Relaxation exercises:

  • Tighten your entire body as much as you can. Flex every muscle: clench your fists, bend your toes, contort your face, tense your shoulders, legs, stomach. Take a look: how does it feel to be so tense?
  • Take a moment and relaxmuscles , surrender to gravity, fill your stomach and lungs with air. Breathe calmly for a moment, observing the in-and-out.
  • Tense your entire body again, half as tight as before. Hang on for a while, take a look at your feelings again. And let go. Let the tension go with the exhaled air: let every exhale sweep the tension away from your body and mind.

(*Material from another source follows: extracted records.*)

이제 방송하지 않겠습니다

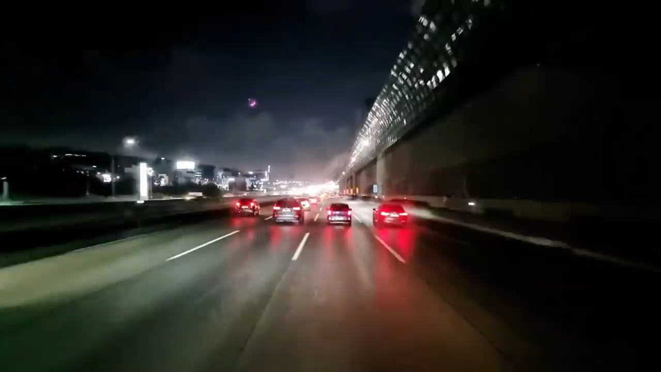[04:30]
죄송합니다. 작년 겨울이었잖아요. 저 용인 CJ 용인 허브였나? 거기 갔다가 눈 미친 듯이 와가지고 와 그때 진짜 무서웠는데 새벽에. 인사? 아, 그 당연히 받아들이죠.
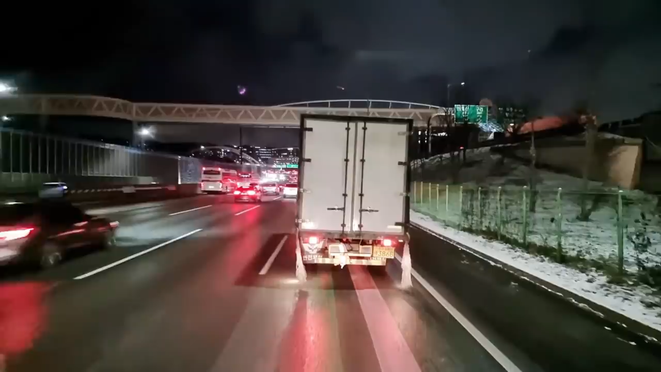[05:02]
근데 어떤 식으로 인사할지가 저도 인사드리고 싶으니까 인사 나누면 좋죠. 위험하지 않게. 오늘은 왠지 겨울스럽다. 차 막히는 것 말고 도로 위험한 거 말고는 아주 만족스럽네요.
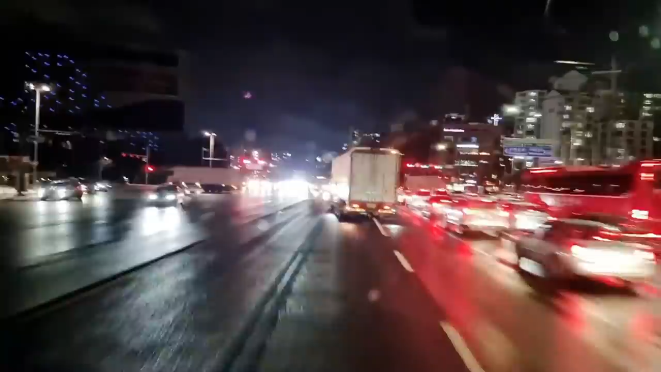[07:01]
야, 이 신호가, 야, 이렇게 된다고? 고마운데? 야, 이, 잠깐만. 이거 또 뭐 어디, 저 경찰 있나? 내가 여기 신호를 이렇게 받고 간 적이 없었는데?
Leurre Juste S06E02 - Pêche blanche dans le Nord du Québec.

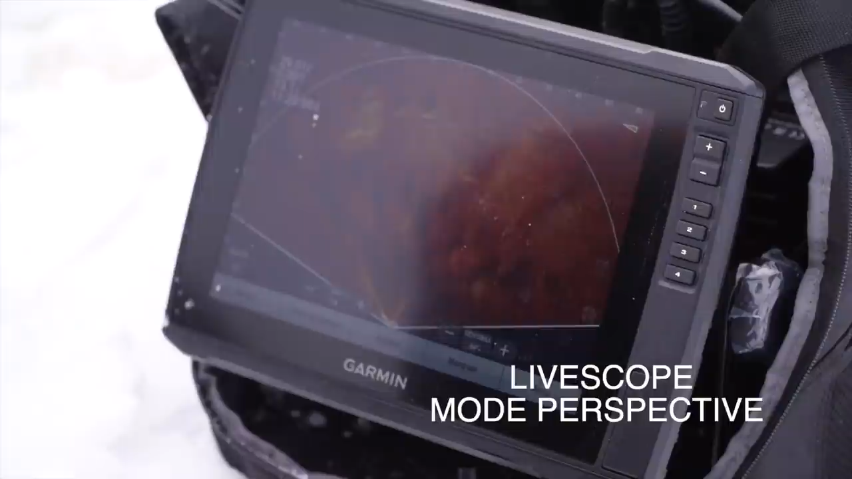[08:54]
c'est dans la zone que tu as trouvé avec le mode perspective oui, où il y avait un amoncellement de roches. Hein, oui, c'est ça.
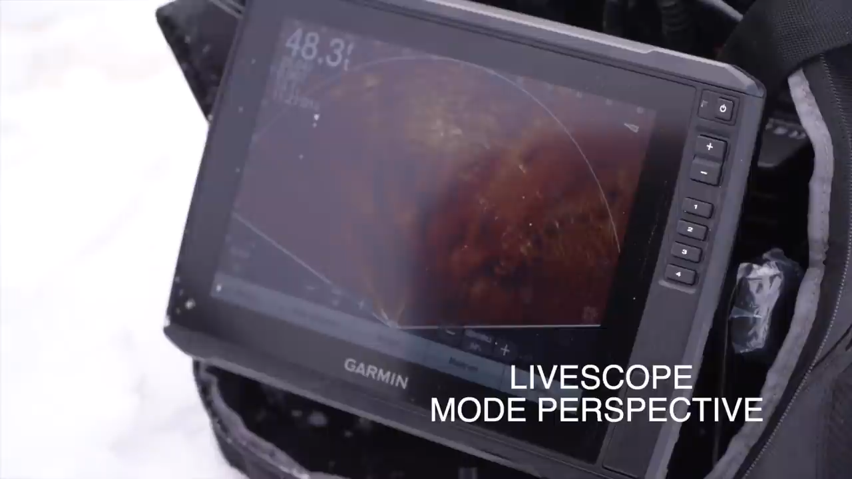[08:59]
Il y avait un amoncellement de poissons aussi au travers des amoncellements de roches. Mais, vois-tu, notre trou est juste là, à 50 pieds d'ici à peu près.
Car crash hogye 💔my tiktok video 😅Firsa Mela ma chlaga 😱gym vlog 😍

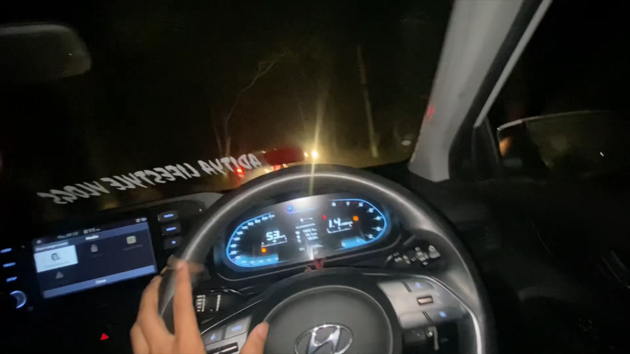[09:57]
ये कर दिया हमने क्रॉस इसको,
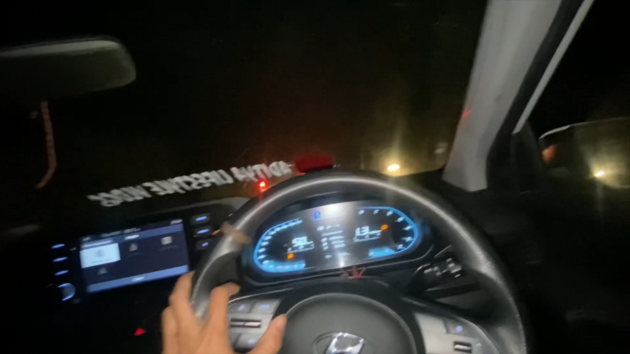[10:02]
ये देख रहे हो किस साइड हो गई गाड़ी भाई ये। एंड गाइस इसको भी कर देते हैं हम क्रॉस,
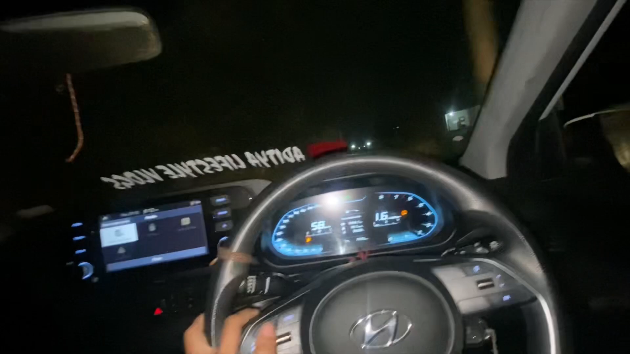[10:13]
क्या बात है भाई।
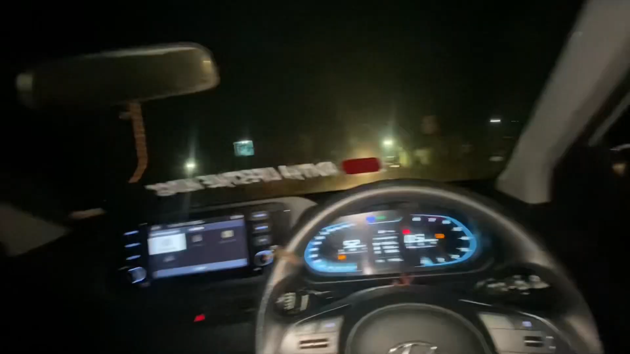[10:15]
गाइस यहाँ आ गए हैं पेट्रोल पंप पे, यहाँ से फ्यूल फिल करा लेते हैं।
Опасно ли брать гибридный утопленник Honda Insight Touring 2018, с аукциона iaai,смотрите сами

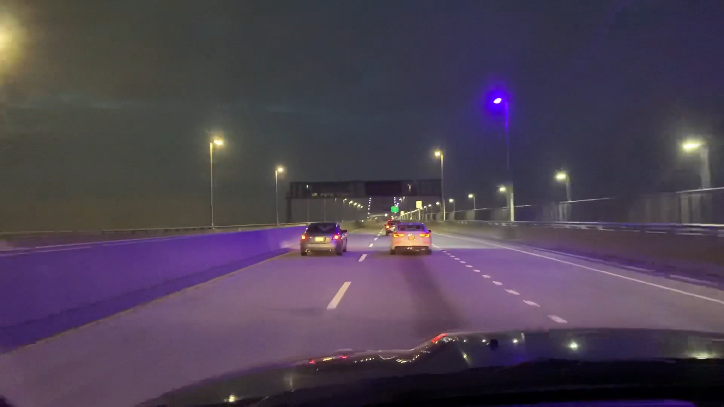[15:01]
классно но это новый относительно новый мост и не может года два сейчас мы будем наблюдать вид на порт ночной
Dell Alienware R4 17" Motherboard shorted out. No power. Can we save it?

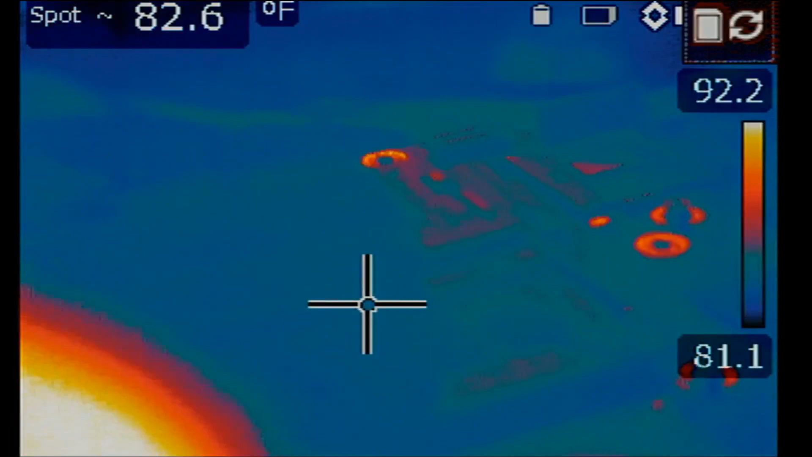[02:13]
On screen: spot 82.6°F
Right now, our voltage injection tool is drawing 1.27 amps,
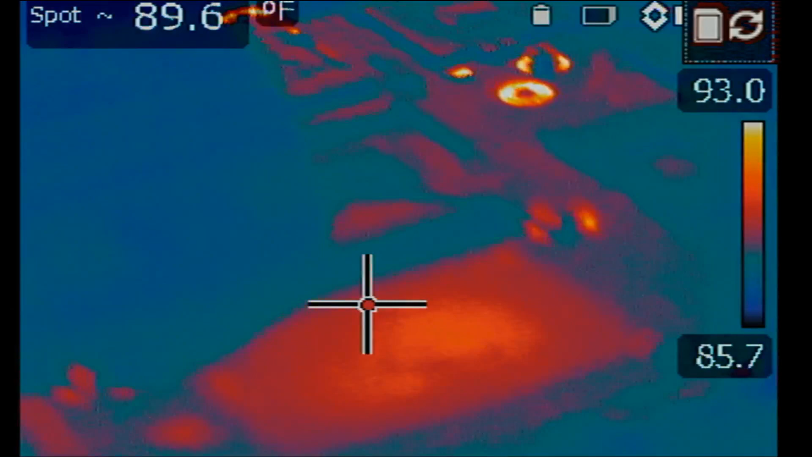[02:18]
On screen: spot 89.6°F
and we do see heat at the CPU.
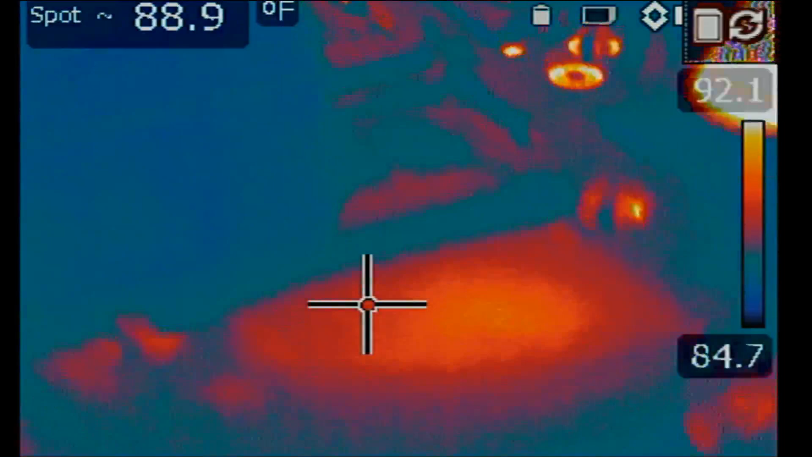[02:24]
On screen: spot 88.9°F
Heat exactly at the CPU. Now, a heat spot on the CPU does not mean the CPU is bad.
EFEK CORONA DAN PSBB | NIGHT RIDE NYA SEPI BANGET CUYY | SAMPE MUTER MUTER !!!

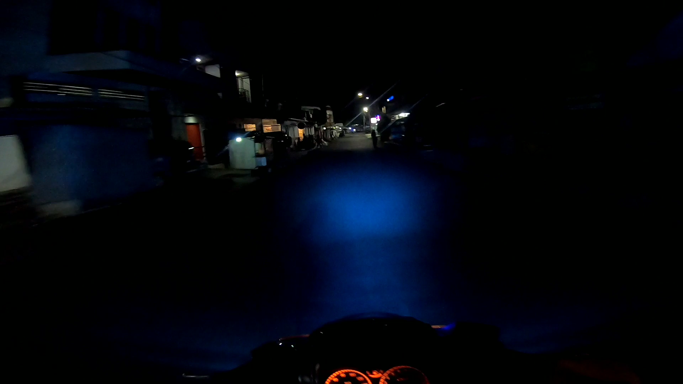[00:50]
Nah, dan kali ini adalah night ride pertama saya di Tasikmalaya. Ini mungkin hari keberapa ya sekarang?
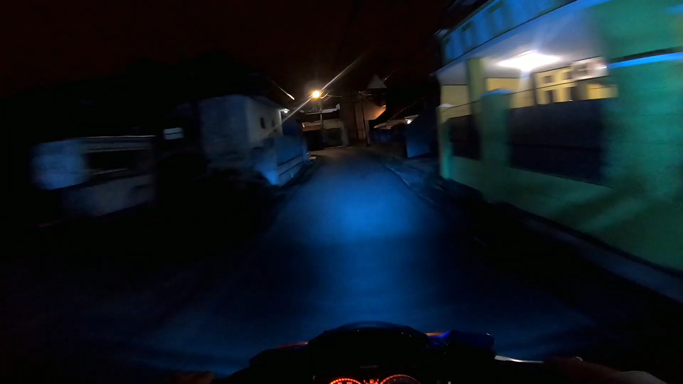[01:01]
Ini hari ketiga setelah Lebaran, cuy. Ini benar-benar sepi banget sih, gila asli. Padahal ini baru berapa jam, berapa sih ini? Jam 9 kalau nggak salah. Ini tuh baru jam 9, cuy. Tapi ini benar-benar kosong banget. Tapi ini jalanan benar-benar gila sih.
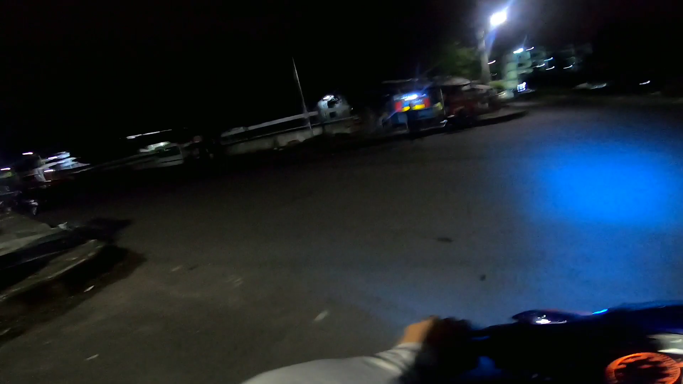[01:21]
Banyak yang ditutup, cuy. Ini sampai saya keliling-keliling, cuy. Kosong, cuy. Nah, ini tuh tempat PLN yang legend, pokoknya orang Tasik pasti tahu lah, cuy.
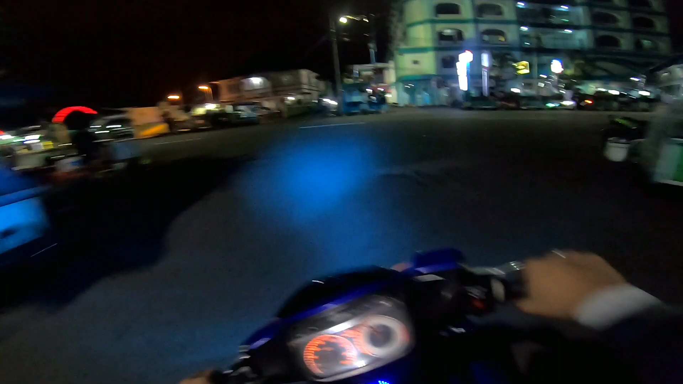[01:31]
Ini tuh tempat ciwi-ciwi yang kayak gitu lah ya. Seru-seru pokoknya. Ini gila sih, kosong banget, cuy.
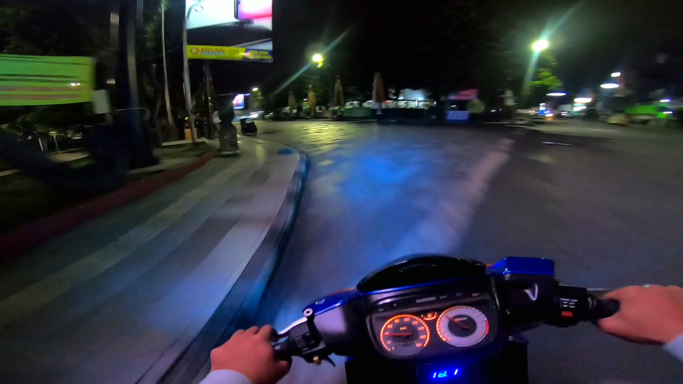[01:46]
Padahal kalau misalkan sebelum Covid ini jam 9 masih ramai, cuy, di sini.
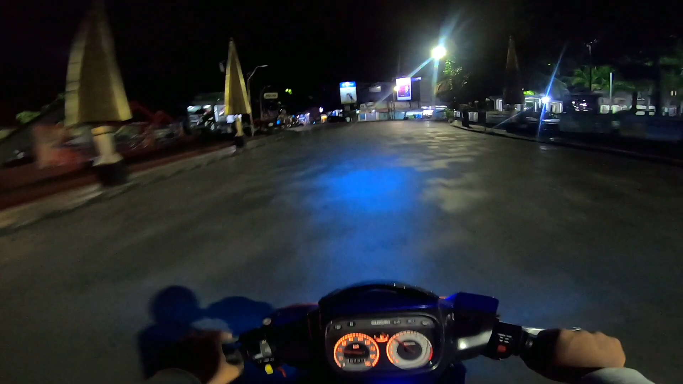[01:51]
Tapi ini gila sih, kosong banget, cuy. Nah, itu jalan Hajat yang utama juga masih ditutup, cuy, karena PSBB di Tasik sampai H+5 Lebaran. Anjir, enak, cuy. Baru kali ini bisa gas di sini, cuy. Gila, cuy. Aduh, enak sih ini. Asli.
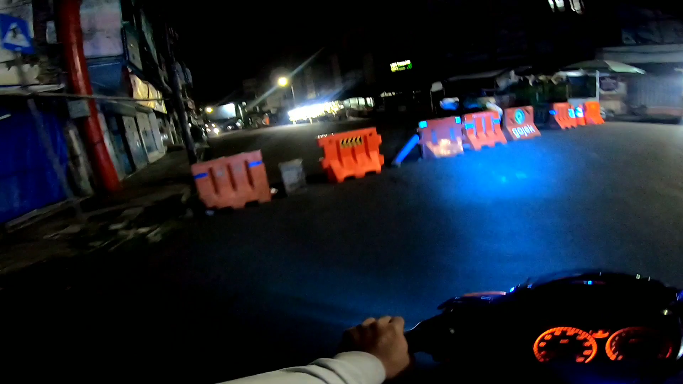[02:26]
Anjir, ini ditutup lagi, cuy. Suwe ini.
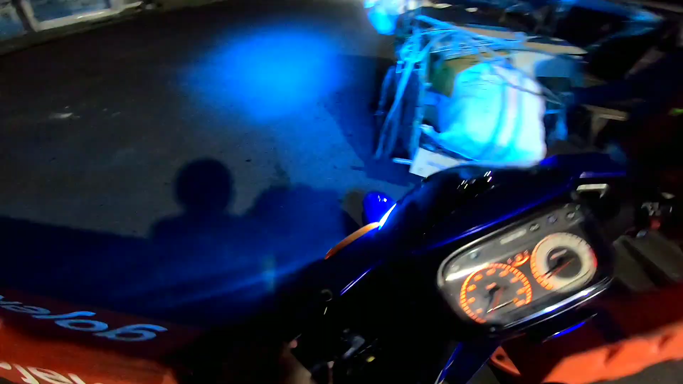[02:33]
Tapi ini mungkin dicelain kali ya. Mudah-mudahan gak ditutup lagi sih, cuy.
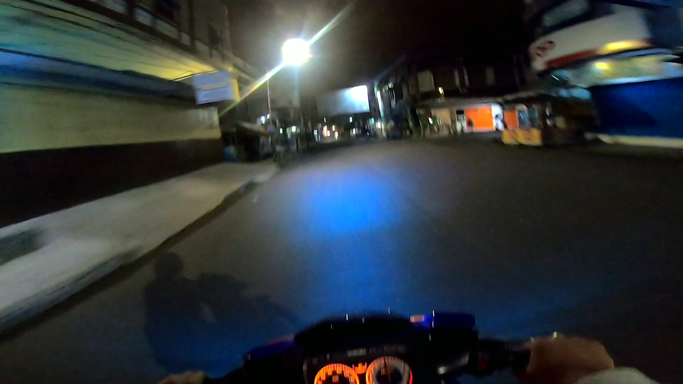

  • Tighten your body again, but even less than the last time. Feel the tension. Imagine that many times a day your muscles are so tense without even feeling it.
  • After a while, breathe out, letting the air completely leave your lungs. Feel how, under the influence of gravity, your relaxed body becomes inert, heavy and immobile. Breathe deeply and calmly. Watch your body and breath work together. This awareness of the body andof breathgives you a sense of inner harmony.
  • Now just tense your mind. Think about the negative feelings that filled you up during the day: fear, anger, anger, self-doubt, guilt.
  • By breathing deeply, free yourself from these bad emotions. Open with the inhale and clear your mind with each exhale. Feel the soothing emptiness, then the strength and peace that fill you. Before you get up, take a few deep breaths as you watch your reactions.
This will be useful to you

You can enrich this exercise with the body scan technique. Before you begin contracting your muscles, take a moment to look at what condition you are in. When sitting or lying down, slowly and carefully examine each part of your body, accurately recording your sensations. This will help you gauge how muchyou react physically to stress.